There are also a range of FDA-approved dietary supplements in use. One such supplement is HyFIBER by Nutrinovo. It is a liquid fibre supplement for bowel transit disorders. A clinician or dietitian would have to administer the product, which can be given as a liquid orally, or added to the enteral feed as prescribed. The product contains 12 g soluble fibre and has a citrusy taste. This product may help with gut motility and decrease the risk of constipation that many older patients suffer with, often a symptom of their condition or a side effect of their medication. Patients may be under nourished and benefit from this or other supplements but a dietitian's referral would be required, followed by their assessment and prescription, which would detail exactly what is required in terms of supplementing your patient's diet.

Conclusion

Overall, the gut microbiome is like an organ in itself—a virtual organ that inhabits the host and works in a bidirectional relationship between the gut and the brain.

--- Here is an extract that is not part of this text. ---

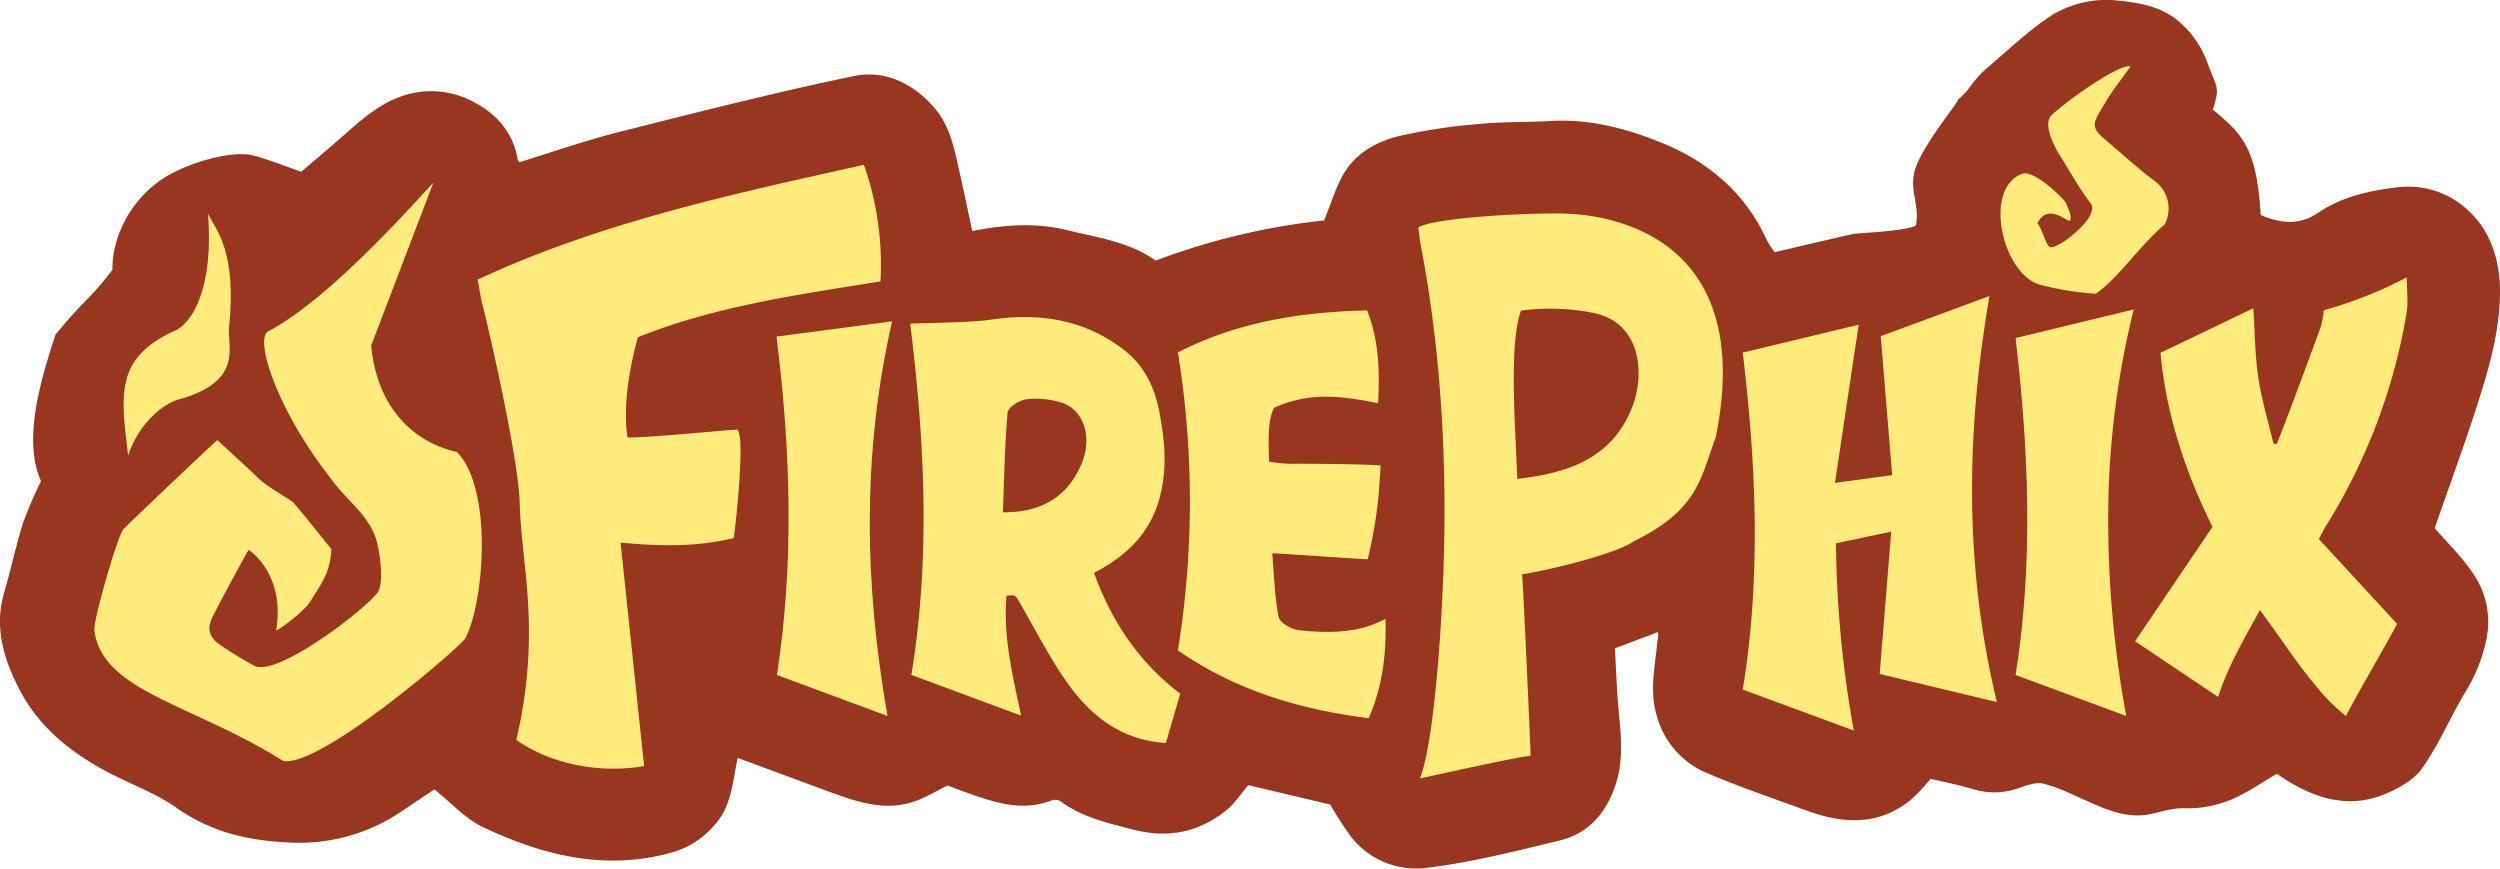 <svg xmlns="http://www.w3.org/2000/svg" viewBox="0 0 549 190.74"><defs><style>.cls-1{fill:#99361f;}.cls-2{fill:#ffeb7b;}</style></defs><g id="Layer_2" data-name="Layer 2"><g id="Layer_2-2" data-name="Layer 2"><path class="cls-1" d="M9,105.65C4.91,96.59,9,83.24,12.18,73.5c6.74-8.24,7.36-7.46,12.51-14.26-.12-7,3.88-15.59,11.74-20.43,4.41-2.71,14.08-6,19.31-4.63,3.34.87,6.55,2.21,10.4,3.54,3-2.55,6.69-5.65,10.31-8.86,4.59-4.07,9.27-7.79,15.69-8.67a19.83,19.83,0,0,1,12.39,2.48c4.78,2.63,8.18,6.63,9.14,12.28,0,.23.26.43.4.67,7.34-2.25,14.56-4.8,22-6.66,17.08-4.32,34.18-8.67,51.43-12.25,6.69-1.39,12.88,1.47,17.59,6.84,3.5,4,4.42,8.93,5.53,13.82,1,4.37,1.9,8.77,2.89,13.37,6.74-1.34,13.71-1.93,20.65-.24s13.9,2.62,19.62,6.74a148.72,148.72,0,0,1,37-8.83c1.42-3.5,2.43-6.87,4.09-9.89,2.61-4.75,7.27-7.36,12.2-8.6a124.53,124.53,0,0,1,18.19-2.73c5.08-.5,10.21-.32,15.31-.62,8.86-.51,17.26,1.82,25.18,5.14,9.69,4.08,17.49,10.81,22.08,20.66a14.9,14.9,0,0,0,.89,1.61c.28.45.61.85,1,1.4,5.76-1.34,11.49-2.71,17.25-4,1-.22,11.48-.57,13.74-1.85.86-4.25-1.17-7.25-.42-11.28,1-5.39,9.51-15.29,9.76-16.46,2.92-2.39,2.61-3.71,6.77-7.25S445.06,7.11,449.58,4A22.86,22.86,0,0,1,465.12.13c4.95.49,10,1.38,13.9,5.07a21.27,21.27,0,0,1,5.75,8.64c2,5.61,2.85,5,1.16,10.23,6.69,5.47,9.66,8.72,10.52,23.15,4.3,1.82,8.41,2.37,12.65-.51,5.29-3.61,11.58-4.93,17.73-5.61a19.11,19.11,0,0,1,15.49,5.41c5,4.75,6.68,11.28,6.68,17.59,0,6.49-1.47,13.15-3.33,19.43-3.21,10.84-7.21,21.44-11,32.44,2.54,3,6,6.3,8.6,10.24a18.62,18.62,0,0,1,2.86,13.57A35.24,35.24,0,0,1,541.37,152c-3.29,5.5-5.79,11.51-9.46,16.7-1.86,2.64-5.34,4.54-8.48,5.79-8.2,3.29-15.91.66-23.45-4.57-2.69,1.6-5.38,3.41-8.25,4.86a24.91,24.91,0,0,1-12.14,2.71c-2.48-.06-5,.8-7.47,1.3-4.65.94-8.78-.67-12.9-2.48-3.45-1.51-6.85-3.29-10.46-4.21-1.83-.46-4.12.56-6.12,1.19a15.58,15.58,0,0,1-9.34,0c-3.12-.91-6.31-1.55-9.33-2.27a45.1,45.1,0,0,1-4.23,4.52c-7.05,5.82-14.87,5.42-22.89,2.5-7.27-2.64-14.6-5.14-21.72-8.16a19,19,0,0,1-11.24-12.47c-1.68-5.45-.52-10.62,0-15.91.07-.7.2-1.4.27-2.1a1.68,1.68,0,0,0-.12-.58l-9.41,3.56c.26,4.45.4,9,.81,13.54.51,5.53,1.16,11-.68,16.47-2.09,6.21-5.95,10.66-12.32,12.2-9.64,2.33-19.33,4.79-29.14,6a18.22,18.22,0,0,1-16.48-6.66,75.19,75.19,0,0,1-4.69-7.25l-18-4.26c-1.66,1.93-3,4.08-4.91,5.58-6,4.81-12.76,6.14-20.32,4.19-5.57-1.44-11.15-2.65-15.9-6.16a2.41,2.41,0,0,0-1.95-.3c-6.83,2.7-13.13.31-19.46-1.92-1.24-.44-2.46-.92-3.53-1.31-2.15,1.08-4.11,2.22-6.19,3.09-6.44,2.71-12.61.87-18.71-1.34C176.08,171.68,169,169,162,166.44c-1.15,5.25-1.3,10.57-5.06,14.7a19,19,0,0,1-8.84,5.9c-14.8,4.34-28.66.91-42-5.38-3.9-1.84-7-5.37-10.71-8.31l-7.19,4.81A39.82,39.82,0,0,1,63.31,185c-9-.42-17-2.31-24.45-7.54-3.9-2.75-8.45-4.61-12.79-6.69-9-4.34-17-10.2-21.66-19.1C1,145.2-1.36,138,.87,130.31,2.34,125.24,3.45,120.06,5,115A100.35,100.35,0,0,1,9,105.65Z"/></g><g id="Layer_1-2" data-name="Layer 1"><path class="cls-2" d="M189.71,36.19a65.79,65.79,0,0,1,3.64,25.62c-18.26,2.91-36.42,5.47-53.26,12.25-1.05,3.66-3.57,14-2.29,22,4.79.09,22.42-1.72,24.14-1.72,1.84,1.69-.61,22.81-.8,23.82-8,1.94-16,1.83-24.86,1,1.76,16.68,3.46,32.88,5.17,49.06-9,1.61-20-.06-28.08-5.75A100.91,100.91,0,0,0,116,133.31c-.32-7.61-1.66-15.19-1.87-22.81-.27-10.09-7-39.09-8.24-43.85-.41-1.6-.6-3.25-1-5.25C131.9,48.82,160.7,42.66,189.71,36.19Z"/><path class="cls-2" d="M54.6,120.75c-1.41,2.4-6.62,12.08-7.83,14.52-1.35,2.75-1,4.61,1.65,6.39a79.12,79.12,0,0,0,7.42,4.54c5.12,2.73,26.08-13.67,27.32-16.49,1-2.28.36-7.12-.13-9.58-1.35-6.81-6.35-9.41-10.56-15.29C60.69,89.75,55.83,74.36,58.91,72.75c14.67-7.64,36-32.69,36.23-32.57L81.51,75.89C82.65,88,89.29,96.68,100.33,99.26c7.85,7.85,6.13,32.74,1.85,40.91-.91,1.74-31.82,28.43-40,26.94-19.64-12.42-39.75-15.19-41.46-28.68-.27-2.11,5.14-21,6.42-22.28,4.8-4.67,20-19.11,20.61-19.49,3,2.81,6.16,5.6,9.16,8.52,1.76,1.7,7.11,4.69,7.54,5.2,2,2.39,4,4.8,5.91,7.21.8,1,1.58,2,2.42,3-.31,5.28-2,7.15-4.65,11.53-1,1.68-5.69,5.48-7.5,6.35C62.73,126.13,54.81,120.85,54.6,120.75Z"/><path class="cls-2" d="M311.45,49.94c3.75-2.26,26.05-3.35,33-3,12.18.57,40.78,7.08,32.35,49-3.44,9.27-3.82,15.92-18,22.92-3.91,2.8-18.78,6.37-24.55,7.27.25,1.91,1.88,39,1.88,39.81-4.52.59-22,4.54-24.31,5,3.11-7.79,4.57-32.93,4.77-37,.39-8.16,2.55-42-4.32-78.61C311.88,53.61,311.73,51.87,311.45,49.94Zm21.76,55.24c1.88-.27,3.16-.42,4.43-.65,9.51-1.71,17.22-5.59,20.91-15.46,2.75-7.36,1.65-18.36-8.78-20.38A49,49,0,0,0,334,68.21C331.39,75.69,332.68,92.37,333.21,105.18Z"/><path class="cls-2" d="M199.88,71.09c1.82-.17,13.3-.23,17.24-.83,10.77-1.64,20.87-.3,29.77,6.63,4.43,3.46,6.64,8.1,7.68,13.45,1.24,6.43,1.84,12.85,0,19.29-2.13,7.57-7.24,12.51-14.32,16.17,3.82,10.59,9.79,19.58,18.93,26.53-1.07,3.66-2.11,7.25-3.15,10.83-9.34-.55-15.95-5.51-21-12.32-4.21-5.71-7.42-12.14-11-18.32-1-1.79-.91-1.91-3-1.7-.79,8.84,1.31,17.38,3.2,26.33l-24.1-8.94C204.35,122.55,203.08,97,199.88,71.09Zm20.36,41.41c8.61.07,14.25-3.51,17.27-10.67,2.47-5.85.5-12-4.62-13.48a18.94,18.94,0,0,0-7.55-.66c-1.52.2-4,1.79-4.07,2.93C220.63,97.89,220.52,105.19,220.24,112.5Z"/><path class="cls-2" d="M438.52,154.18,412.78,148c.85-10.52,1.68-20.74,2.53-31.25l-12.13,2.56a244,244,0,0,0,3.91,41.12l-24.38-9c4.06-24.74,2.92-49.38,0-74l25.46-6.13c-1.73,11.49-3.43,22.91-5.21,34.74l12.56-1.7c-.83-10.07-1.65-20.11-2.51-30.52L436.89,65C431.75,95,431.32,124.35,438.52,154.18Z"/><path class="cls-2" d="M487.1,153.05l-18.24-12.23,17-25.11c-5.85-11.8-10.16-24.55-11.42-38.23l20.39-9.79c.34,5.13.35,10.21,1.09,15.18s2.2,9.73,3.34,14.59l.75,0c1.06-2.75,2.14-5.49,3.17-8.25,2.19-5.85,4.38-11.7,6.51-17.57a22,22,0,0,0,.61-3.51,92.17,92.17,0,0,0,18.22-7.22c0,2.71.36,5.24,0,7.63a128.17,128.17,0,0,1-17.8,47.05c-.42.66-.75,1.38-1.5,2.79L526.4,137c-3.28,6.19-7.56,13.26-11.24,20.22a41.41,41.41,0,0,1-6.64-6.66c-3.86-4.56-7.14-9.6-10.66-14.44-.4-.56-.82-1.11-1.58-2.14C492.72,140.42,489.21,146.45,487.1,153.05Z"/><path class="cls-2" d="M279.39,121.5c.43,4.94.51,9.54,1.4,14,.25,1.25,2.78,2.72,4.39,2.88,12.45,1.43,16.85-1.53,19.08-2.43.2,7.29-.55,14.59-3.7,21.77-15.16-1.92-29.25-6.12-41.89-14.9a204.89,204.89,0,0,0,0-65.43c13-6.68,26.94-8.89,41.55-9.22,2.59,6.55,2.79,13.33,2.41,20.39-7.51-1.53-14.87-2.66-22.86,1-1.4,2.69-1.22,7.35-1.08,11.81a29.29,29.29,0,0,0,6.09.47c5.09,0,17.25.11,18.4.43-.16,2.45-.28,4.61-.47,6.77a97.15,97.15,0,0,1-2.37,13.78C295.39,122.57,280.68,121.5,279.39,121.5Z"/><path class="cls-2" d="M466.93,157.23l-24.31-9c3.91-24.59,2.89-49.21,0-74l25.95-6.28a190.86,190.86,0,0,0-5.6,44.4A236.45,236.45,0,0,0,466.93,157.23Z"/><path class="cls-2" d="M195.9,70.57c-6.65,29.29-6.07,57.75-1,86.66l-24.28-9c3.77-24.57,3.06-49.09-.11-74.32Z"/><path class="cls-2" d="M467.88,14.6c-1.92,2.71-4,5.23-5.6,8-2.21,3.81-3.64,5-.24,7.83,2.83,2.37,8,7.05,11,9.21a7.57,7.57,0,0,1,2.35,9.62c-6.16,5.35-9.58,11.17-15.12,15.25a65.36,65.36,0,0,1-12.11-1.93c-8.36-2.13-12.76-21-4.25-24.34,2.66-1.32,9.58,5.73,9.8,6.36.42,1.24,1.27,2.7.93,3.73s-4.68-4.17-7.23.68c1.29,1.61,1.82,5,2.86,5.27,1.74.41,11.06-6.71,8.83-9.63-2.53-3.32-4.54-7-6.78-10.57-.5-.78-4.06-6.65-1.76-8.81C454.16,21.88,465.62,13.81,467.88,14.6Z"/><path class="cls-2" d="M28.14,100c-1.57-13.06-3-21.26,10-27.26,3.77-1.38,8.87-9,7.53-25.79C47.6,50.81,52,55.15,50.3,72c-.4,4.17,3.3,11.82-11.25,15.78C36.25,88.53,30.63,92.56,28.14,100Z"/></g></g></svg>

There are various hypotheses about the relevance of the gut microbiome in the pathogenesis of multiple diseases, and in the modulation of the microbiome in order to mitigate for disease. There is a strong argument about the inflammatory nature of many diseases and its link to gut microbiome dysbiosis. Fixing such a dysbiosis is now the focus of many pieces of research. Advice to patients should be on what is already known so far—it appears that a diet rich in legumes, fruit, nuts and vegetables, low in alcohol and processed foods and soft drinks, favours the better outcomes for modulation of gut dysbiosis.